Жена это совсем другое, не лучше и не хуже, не выше и не ниже, не материальнее и не духовнее. Другое. Не торопитесь обвинять меня в том, что изъял из этого слова-понятия всё высокое, романтически-восторженное. Не торопитесь. У нашего, в смысле человеческого, беспокойного, духа много различных ипостасей. И романтически восторженная ипостась, только одна из многих. Не только «жена» к нему не сводится, но и отношение к «женщине» в целом.

Одного ясного и простого слова у нас нет, его заменили сегодня два, «хаят йолдашы», то ли в значении «товарищ по жизни», то ли в значении «товарищ для жизни». Такое вот стыдливо-стеснительное слово-понятие. Как считают многие, это от нашего ханжества. Некая завеса над сексуальными отношениями. Чтобы не дай бог, кто-нибудь не подумал, что жена - сексуальный партнёр. Или, того хуже, подумал о любовных утехах. Чтобы никто, невзначай, не подумал, что вот эти дети, предмет вечной гордости и вечного тщеславия, появились на свет в результате известного акта. Умилитесь (вот это чувство азербайджанское-преазербайджанское, поэтому так осело в нашем лексиконе слово «сладкий» в отношении к прелестному ребёнку), притворитесь, что его аист принёс. В красивой корзинке или в красивой упаковке. От этого умиления и ложной стыдливости (высокий стыд из другой «оперы», он нам неведом), такой перл ханжества, как представлять «жену» в качестве «матери детей» (причём такой нюанс: не «ушагларымызын анасы», не «ушагларымын анасы», а отвлечённое «ушагларын анасы», как бы я, мужчина, муж, отец, здесь не при чём).

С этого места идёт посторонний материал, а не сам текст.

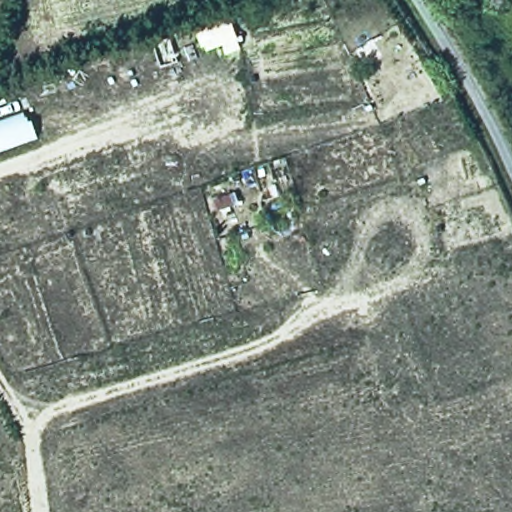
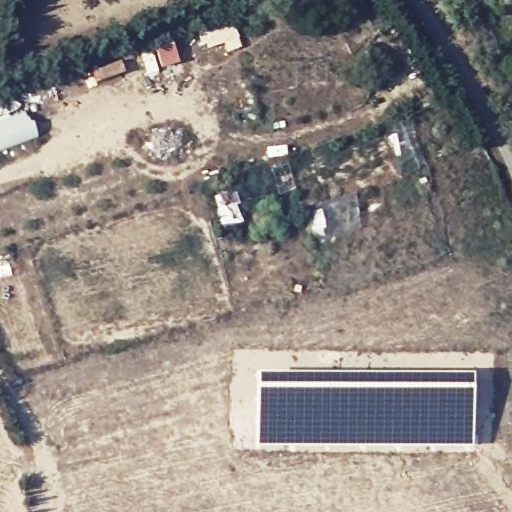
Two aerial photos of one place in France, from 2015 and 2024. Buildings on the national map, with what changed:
new [(28,122),(31,122),(36,137),(0,149),(0,119),(24,112),(28,122)]
new [(474,373),(473,448),(255,447),(254,372),(474,373)]

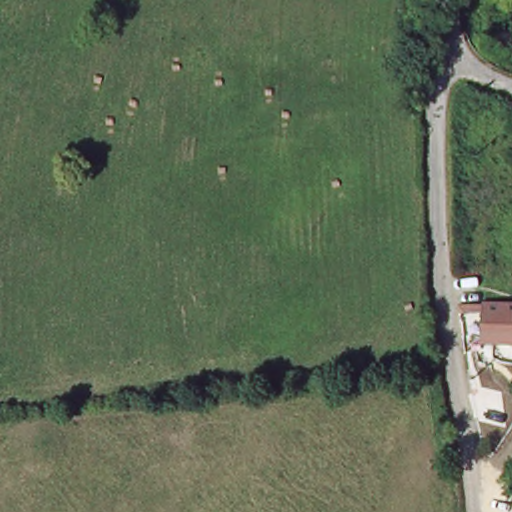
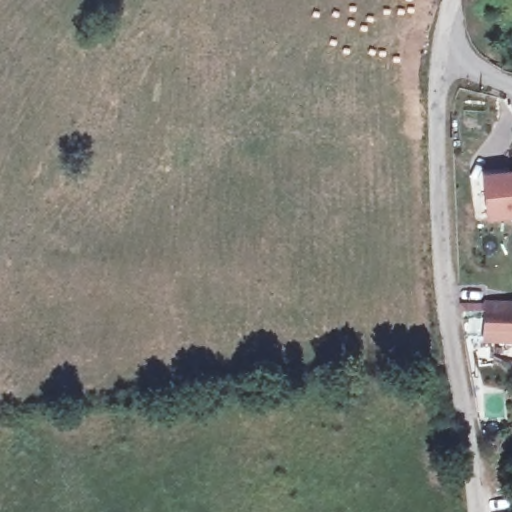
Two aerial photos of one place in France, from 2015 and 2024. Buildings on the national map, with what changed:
new [(482,176),(512,172),(512,219),(486,222),(482,176)]
unchanged [(488,312),(464,312),(463,304),(488,304),(512,304),(512,342),(487,340),(488,312)]

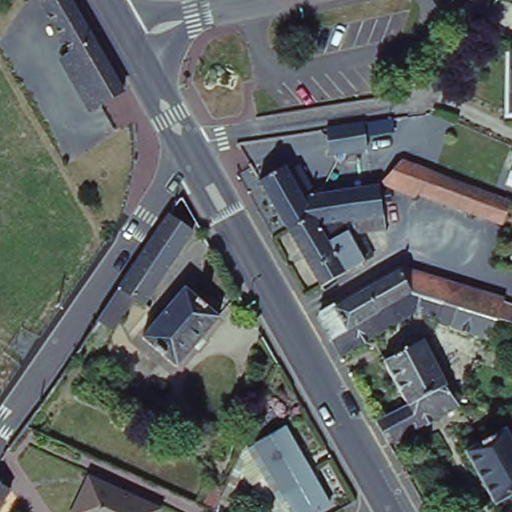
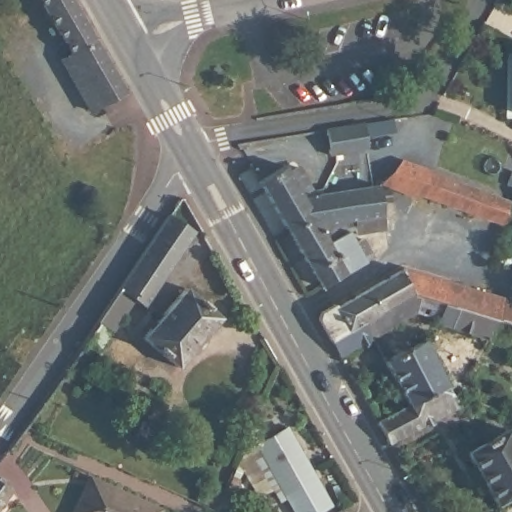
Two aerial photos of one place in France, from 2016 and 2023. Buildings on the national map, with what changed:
unchanged [(124,96),(94,114),(64,62),(74,57),(42,0),(70,0),(124,96)]
unchanged [(506,51),(512,51),(512,110),(508,110),(506,51)]
unchanged [(412,129),(365,137),(367,152),(327,158),(323,132),(409,118),(412,129)]
unchanged [(474,215),(417,193),(414,198),(380,185),(399,164),(483,195),(507,203),(508,204),(501,225),(474,215)]
unchanged [(351,237),(349,225),(318,229),(311,218),(285,233),(256,182),(283,168),(287,176),(297,170),(313,197),(375,190),(379,222),(380,234),(351,237)]
unchanged [(100,312),(145,245),(165,215),(190,232),(141,303),(132,297),(115,322),(110,331),(98,351),(82,341),(95,321),(100,312)]
unchanged [(311,218),(318,229),(315,229),(324,246),(342,235),(349,247),(358,242),(368,259),(319,289),(285,233),(311,218)]
unchanged [(496,324),(487,322),(410,298),(329,342),(316,319),(318,313),(332,306),(334,308),(401,271),(503,303),(502,305),(512,308),(512,329),(496,324)]
unchanged [(174,367),(140,337),(158,316),(183,287),(217,316),(174,367)]
unchanged [(410,298),(487,322),(479,342),(438,328),(439,323),(418,317),(339,361),(329,342),(410,298)]
unchanged [(382,365),(401,355),(402,356),(424,344),(447,389),(442,391),(441,389),(406,409),(405,407),(382,365)]
unchanged [(405,407),(406,409),(441,389),(442,391),(446,395),(457,408),(387,447),(374,425),(405,407)]
unchanged [(325,508),(319,512),(289,512),(253,447),(282,432),(325,508)]
unchanged [(504,432),(512,445),(512,497),(493,508),(464,454),(504,432)]
unchanged [(159,509),(158,512),(75,512),(89,478),(159,509)]
unchanged [(0,502),(0,486),(8,492),(0,502)]

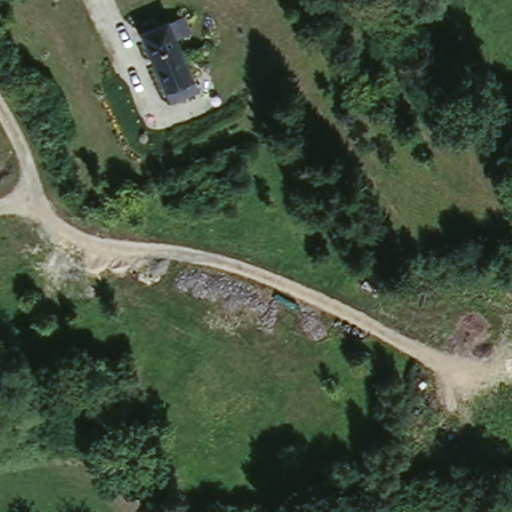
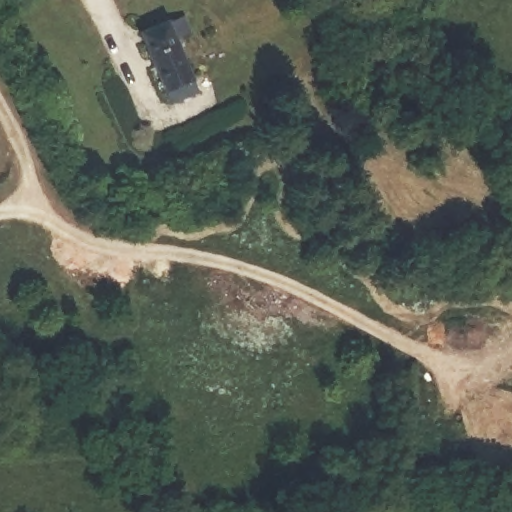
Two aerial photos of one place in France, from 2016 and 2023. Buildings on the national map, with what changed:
unchanged [(185,12),(194,33),(184,36),(204,91),(168,102),(140,29),(185,12)]

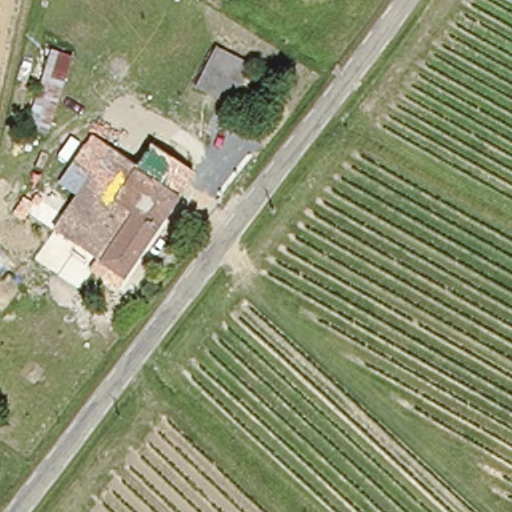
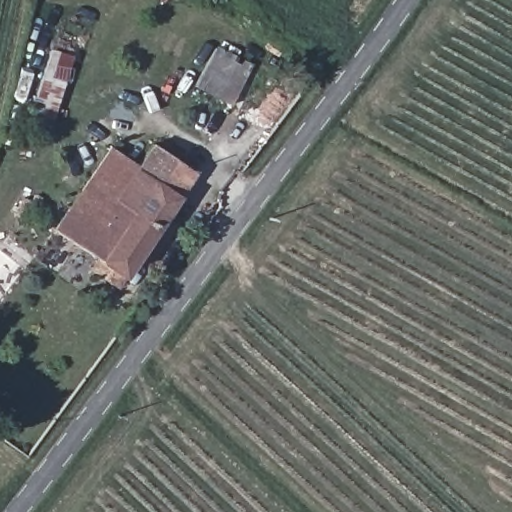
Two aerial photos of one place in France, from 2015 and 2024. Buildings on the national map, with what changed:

Действительно, разговоры о сексе для азербайджанцев тема запретная. В лучшем случае, они отдаются на откуп «мужской стае» (мне неведомо, возможно, и «женской стае»), и не следует особо распространяться о том, какой характер принимают эти разговоры в мире поляризированном на мужчин и женщин. Может быть, этот запрет распространяется у нас на любые откровенные разговоры. Такое вот табу на правду, которая может коробить. Всё должно быть пристойно, будто под облагораживающей вуалью. Что там на самом деле, никого не волнует. Главное – облагораживающая вуаль. Жизнь, как некое застолье, на котором принято делать комплименты. Таковы правила жанра, которые стали правилами жизни.

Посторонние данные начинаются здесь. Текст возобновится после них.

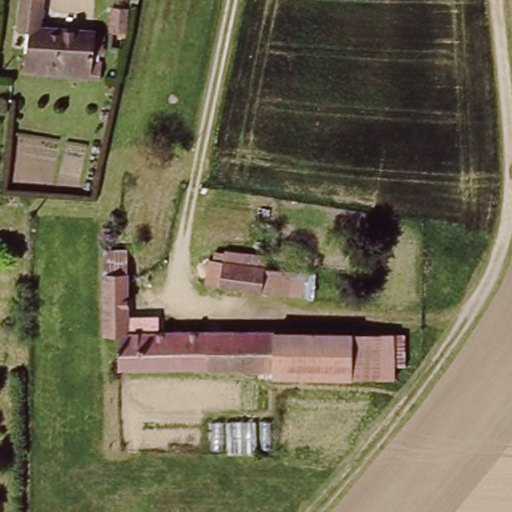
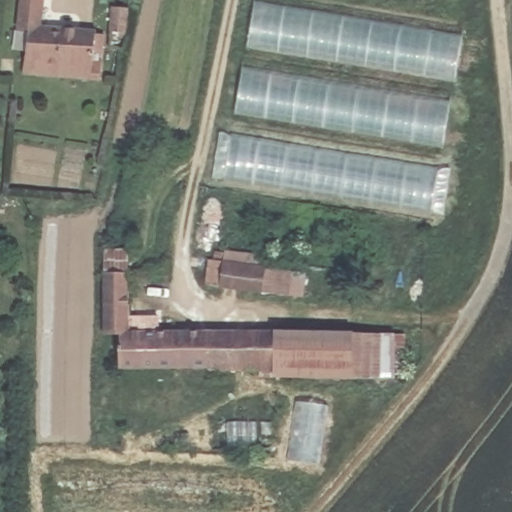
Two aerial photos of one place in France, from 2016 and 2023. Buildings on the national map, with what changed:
unchanged [(25,25),(27,0),(47,0),(45,20),(97,30),(96,56),(102,56),(101,77),(27,64),(31,25),(25,25)]
new [(247,44),(253,1),(462,35),(456,77),(247,44)]
new [(109,32),(110,5),(130,6),(127,33),(109,32)]
demolished [(142,11),(140,34),(128,33),(131,10),(142,11)]
new [(445,142),(235,110),(242,66),(450,103),(445,142)]
new [(225,179),(231,135),(438,169),(432,212),(225,179)]
unchanged [(202,285),(206,247),(302,260),(300,298),(202,285)]
unchanged [(118,372),(117,334),(98,332),(100,252),(132,252),(130,321),(255,325),(255,376),(118,372)]
unchanged [(255,325),(271,325),(400,330),(395,376),(273,376),(255,376),(255,325)]

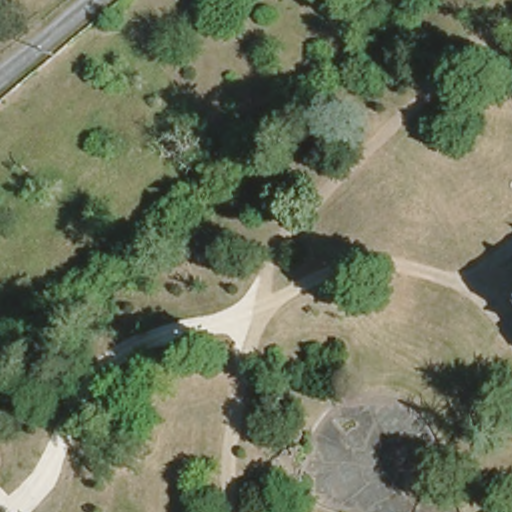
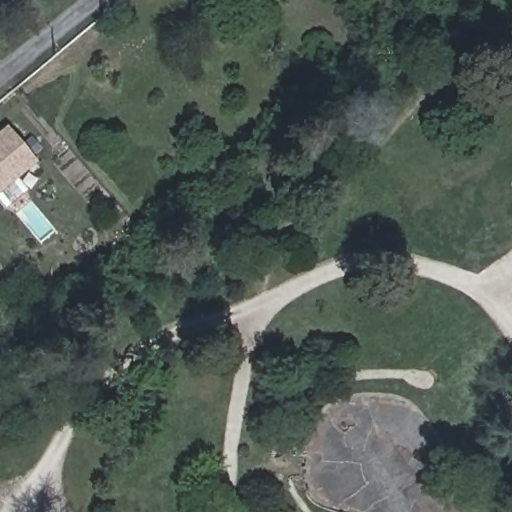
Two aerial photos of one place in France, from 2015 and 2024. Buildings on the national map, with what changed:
new [(38,163),(0,195),(0,137),(10,129),(38,163)]

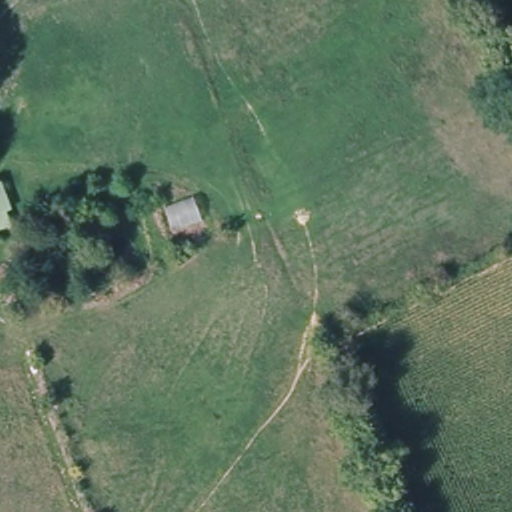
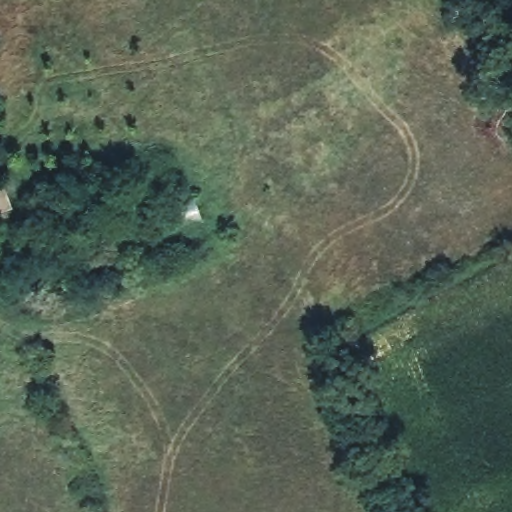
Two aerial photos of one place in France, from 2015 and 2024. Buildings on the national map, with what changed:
unchanged [(19,226),(0,233),(0,185),(2,184),(19,226)]
unchanged [(164,207),(195,196),(202,219),(173,231),(164,207)]

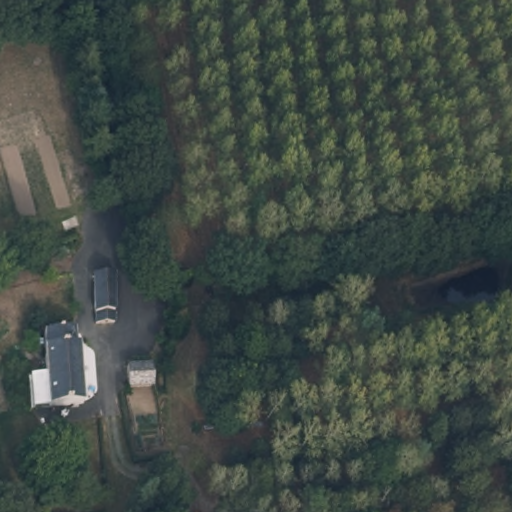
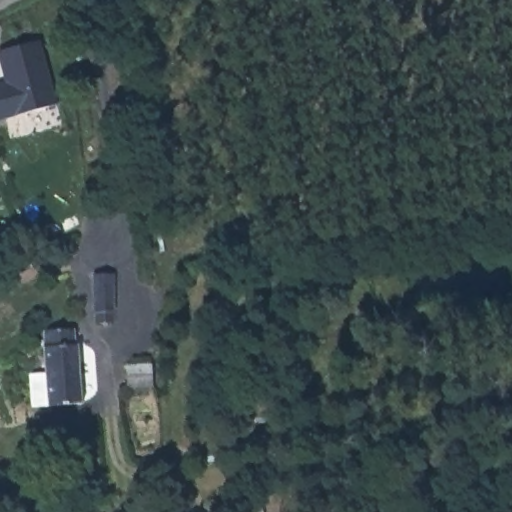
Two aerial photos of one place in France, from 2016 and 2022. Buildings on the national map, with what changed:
new [(0,63),(0,52),(40,39),(58,105),(0,120),(0,82),(5,81),(0,63)]
unchanged [(90,165),(94,196),(72,200),(68,169),(90,165)]
unchanged [(118,311),(93,311),(94,280),(116,270),(118,311)]
unchanged [(31,378),(44,376),(40,327),(73,325),(83,406),(49,406),(33,407),(31,378)]
unchanged [(153,362),(155,386),(126,387),(126,359),(153,362)]

Мы несколько отошли от темы. Хотя, если вдуматься, и эта лицемерно-ханжеская стыдливость, и, её важный компонент, запреты на разговоры о сексе, имеют самое непосредственное отношение к отсутствию слово «жена». Но есть и другие разгадки этого отсутствия. О некоторых из них поговорим далее.

КОГДА ЭТО НАЧАЛОСЬ?

Не достаточно знаю историю азербайджанского народа и историю азербайджанской культуры (не  будем спрашивать, что понимается под «азербайджанский народ», его «история» и его «культура», иначе из тупиков нашего сознания не выберемся). Но один переход – «когда»? – для себя обнаружил, почувствовал, зафиксировал. Возможно, это моя фиксация, мой контекст «азербайджанской истории» и «азербайджанской культуры». Но даже в этом смысле, его не следует признавать ошибочным. Поскольку – пора понять – «азербайджанская история» и «азербайджанская культура», это множество различных интерпретаций. Будем считать, что моя интерпретация одна из многих.

Когда-то давно, в прошлом веке (в прямом и переносном значении этого слова), начал работать над кандидатской диссертацией. Тему сформулировали так: «Проблема прекрасного в азербайджанских народных дастанах». Такая вот типично советская тема, которую мне предложили, и которую я, с большим энтузиазмом, принял. Почему с энтузиазмом?

Дело в том, что аспирантура и, соответственно, работа над кандидатской диссертацией, оказались в моей жизни двумя серьёзными переходами. Или возвращениями. Первый переход от инженерной специальности к гуманитарному творчеству, спасительному, как показала вся (уже можно говорить вся) последующая жизнь. Переход, который в практически-жизненном смысле был невозможен без поддержки жены, уже не в отвлечённом, а в конкретном, бытийном его значении.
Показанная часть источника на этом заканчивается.